----- LISTED RECORDS -----
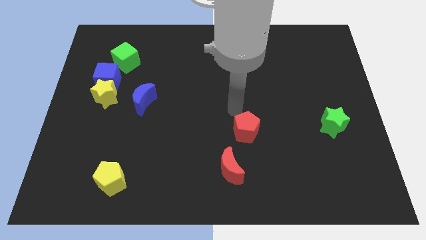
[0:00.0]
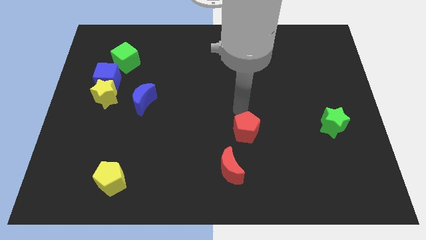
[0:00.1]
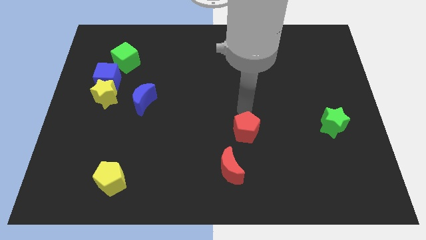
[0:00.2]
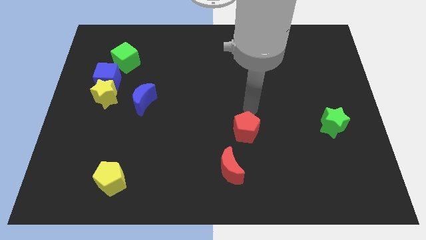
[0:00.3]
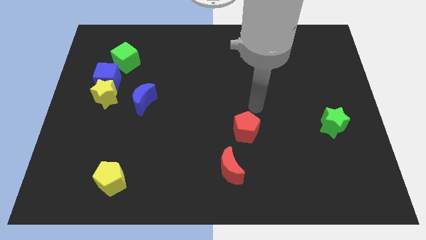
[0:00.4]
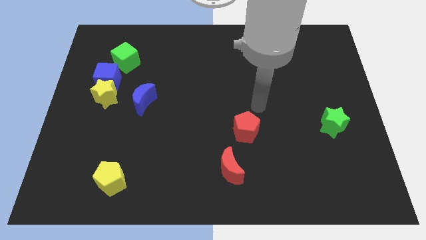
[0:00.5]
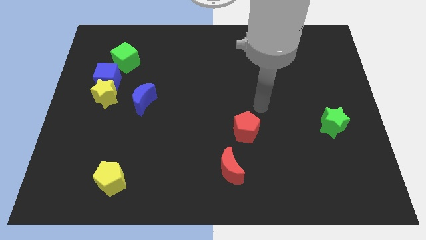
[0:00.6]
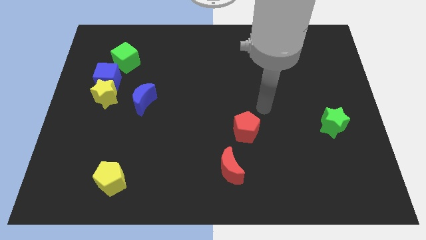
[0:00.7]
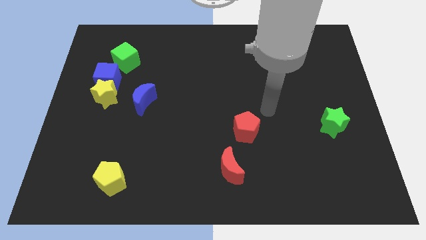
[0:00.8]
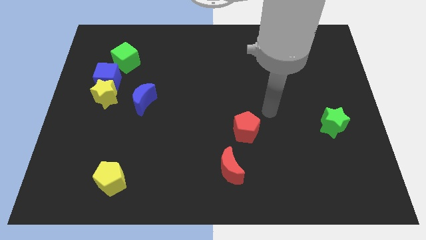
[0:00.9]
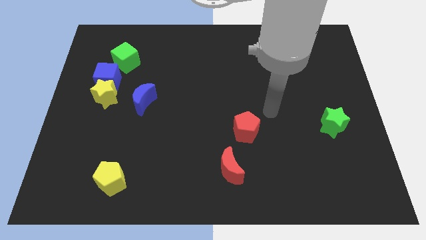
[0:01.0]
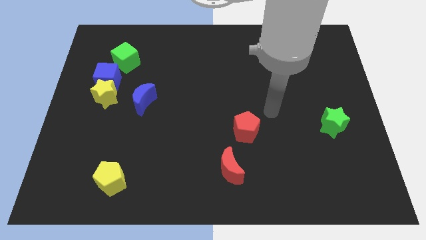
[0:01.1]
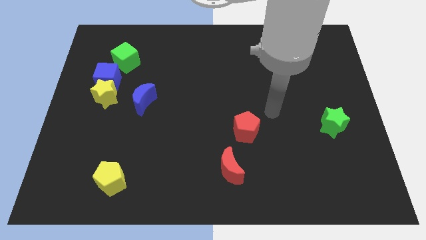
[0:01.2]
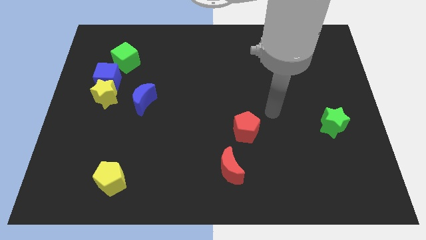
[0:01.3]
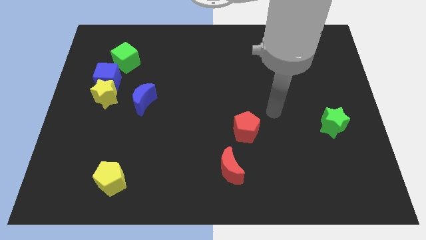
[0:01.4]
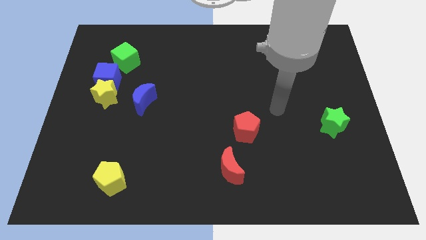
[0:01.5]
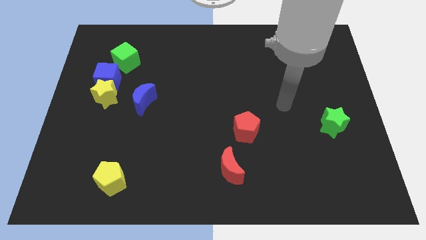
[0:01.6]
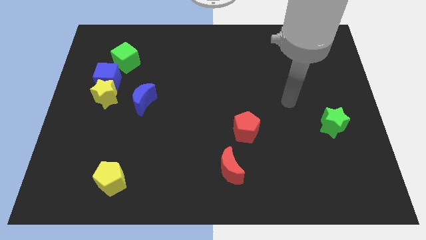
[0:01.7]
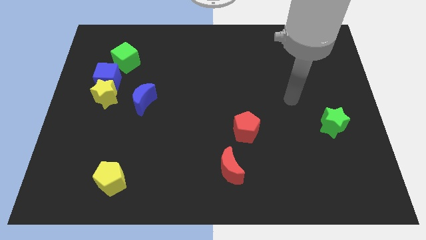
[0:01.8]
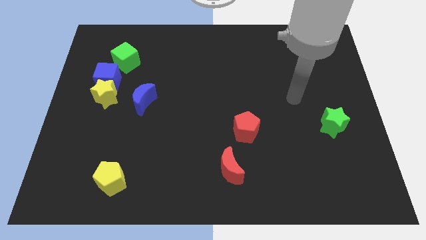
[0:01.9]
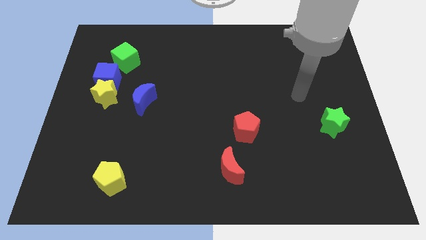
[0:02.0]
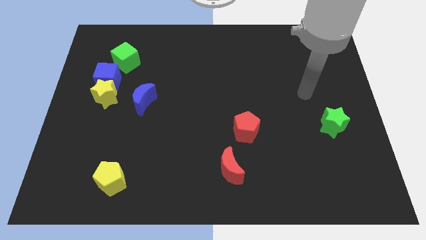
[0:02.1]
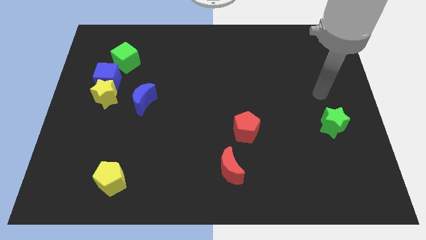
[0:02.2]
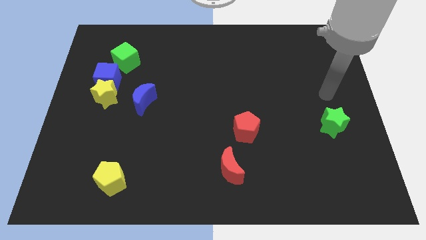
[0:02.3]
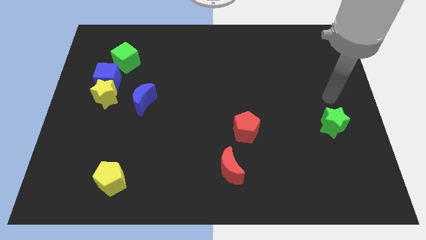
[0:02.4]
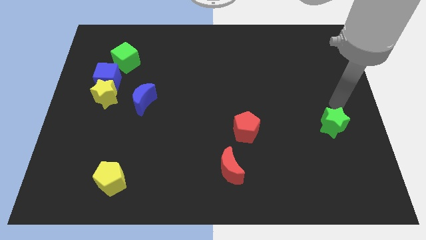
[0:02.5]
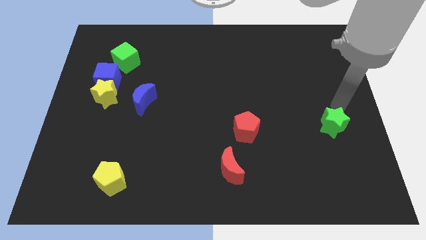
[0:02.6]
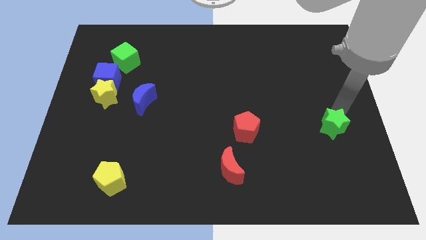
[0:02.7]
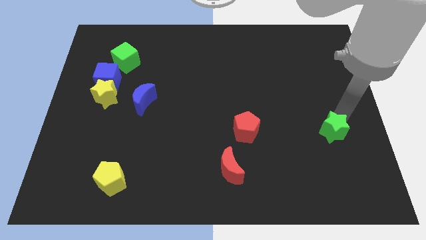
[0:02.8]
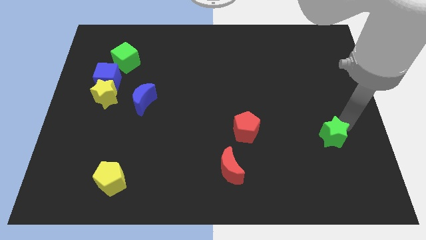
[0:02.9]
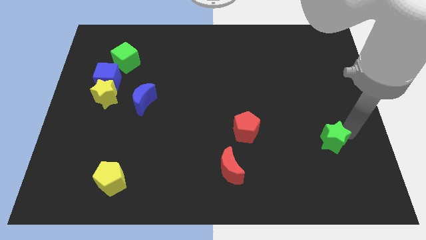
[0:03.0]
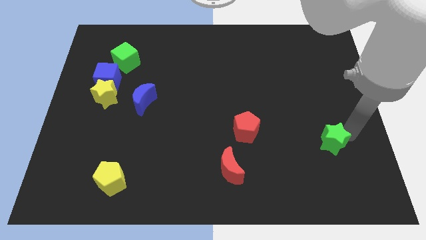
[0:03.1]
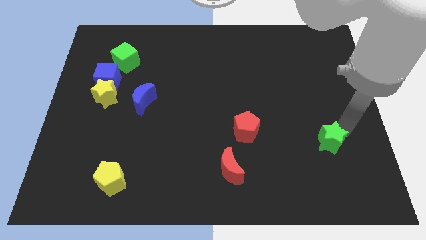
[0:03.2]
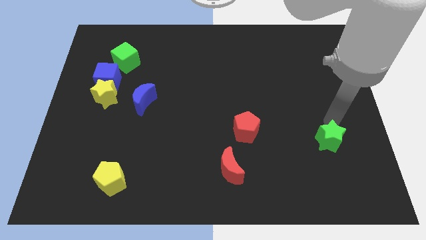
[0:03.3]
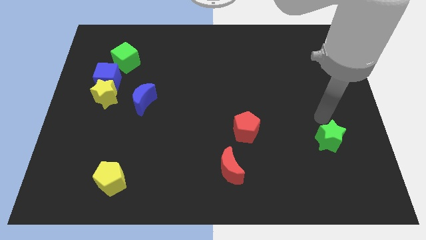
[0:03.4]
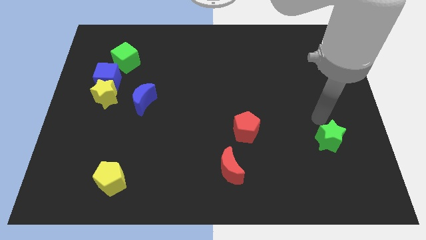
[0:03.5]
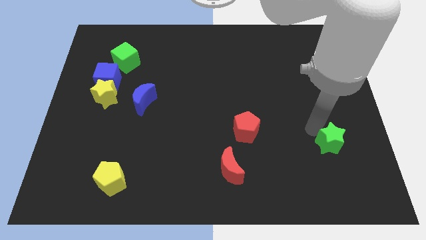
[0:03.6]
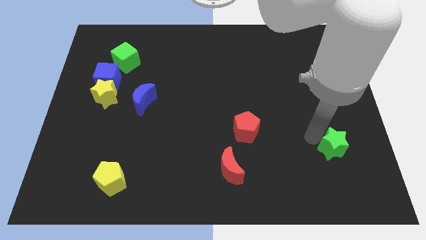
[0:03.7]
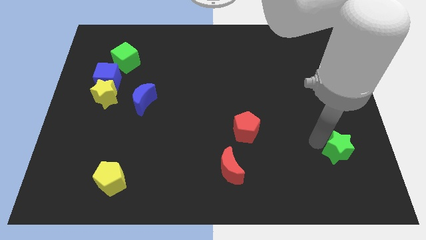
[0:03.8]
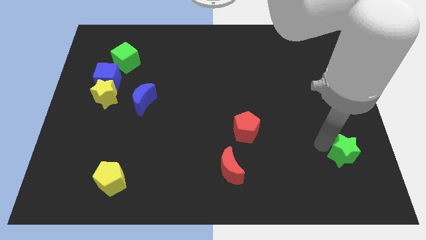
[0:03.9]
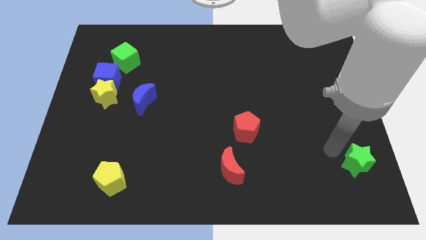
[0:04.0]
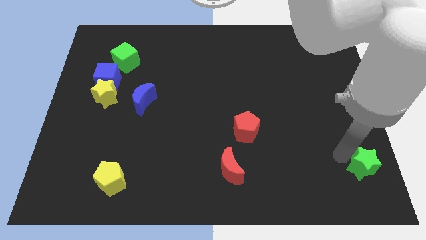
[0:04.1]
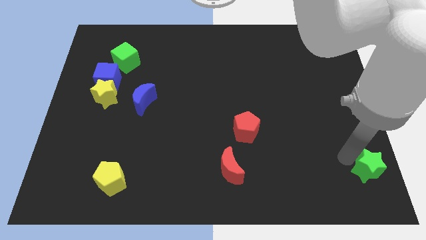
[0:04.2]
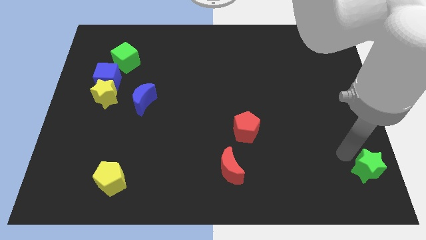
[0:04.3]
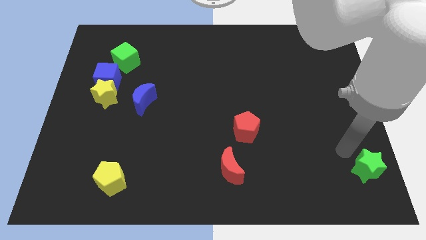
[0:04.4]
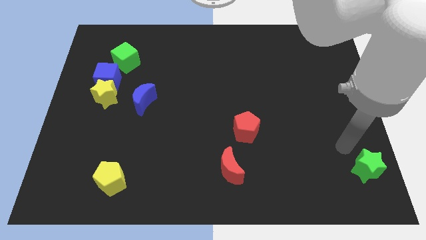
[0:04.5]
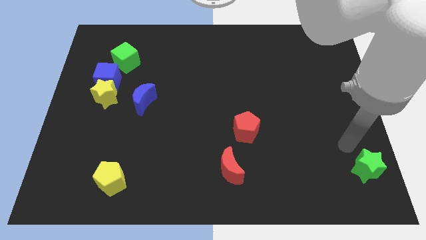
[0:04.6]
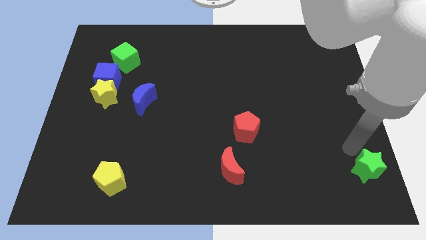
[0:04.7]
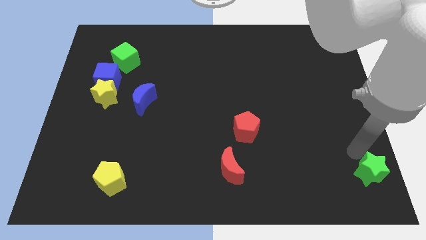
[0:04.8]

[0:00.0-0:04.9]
place the green star to the right of the red crescent
-----
INSTRUCTIONS TO FOLLOW: Copy the records shown above in their entirety and exactly; images are to be left out.

EXERCISE RESPONSE:
[0:00.0]
[0:00.1]
[0:00.2]
[0:00.3]
[0:00.4]
[0:00.5]
[0:00.6]
[0:00.7]
[0:00.8]
[0:00.9]
[0:01.0]
[0:01.1]
[0:01.2]
[0:01.3]
[0:01.4]
[0:01.5]
[0:01.6]
[0:01.7]
[0:01.8]
[0:01.9]
[0:02.0]
[0:02.1]
[0:02.2]
[0:02.3]
[0:02.4]
[0:02.5]
[0:02.6]
[0:02.7]
[0:02.8]
[0:02.9]
[0:03.0]
[0:03.1]
[0:03.2]
[0:03.3]
[0:03.4]
[0:03.5]
[0:03.6]
[0:03.7]
[0:03.8]
[0:03.9]
[0:04.0]
[0:04.1]
[0:04.2]
[0:04.3]
[0:04.4]
[0:04.5]
[0:04.6]
[0:04.7]
[0:04.8]

[0:00.0-0:04.9]
place the green star to the right of the red crescent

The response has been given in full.